在南加州的圣哈辛托山脉中,有一块佔地 30 英亩的詹姆斯自然保护区,这里并不对公众开放,车辆也禁止入内,虽然还用网栅栏隔开,但是研究者 Sean Askay 则称,这里也是全美国被监测最密集的地方之一。机器人们将各种监测气候的感测器送往这个高海拔的森林,鸟巢里面说不定就有自动相机或者其他感测器。把这些设备送往保护区的,就是加州大学河滨分校的学者和科学家们。

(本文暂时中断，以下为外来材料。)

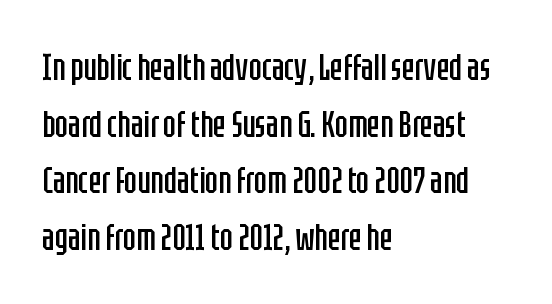
The image shows 38 px regular-weight, condensed sans-serif type, upright; set left-aligned, normal line spacing (1.49x), normal letter spacing, not underlined; low stroke contrast and a large x-height.

在 2005 年的时候,Sean Askay 在加州大学读硕士,参与了詹姆斯自然保护区监测项目的他让实验更进一步,利用 Google Earth 将整个相机与感测器的监测视觉化。十年前,他就给保护区建立了一个虚拟显示系统,能够「飞入鸟巢察看即时影像或者检测温度」。

后来,Sean Askay 所做的专案被 Google 副总裁、同时也被称为是「网路之父」的大神级人物 Vint Cerf 看中,Sean Askay 在 2007 年来到山景城,成为 Google Earth 的一员,这个利用卫星图像等素材创造的地球,在电脑端的投影在当时还算起步阶段。不过加入了 Google 没多久,36 岁的 Sean Askay 就利用 Google Earth 创造了一些有用的工具,比如构建阿富汗和伊拉克战后伤亡地图、帮助国际太空站太空人定位自己的工具;还有和别人合作,製作了阿波罗 11 号的数位登月之旅。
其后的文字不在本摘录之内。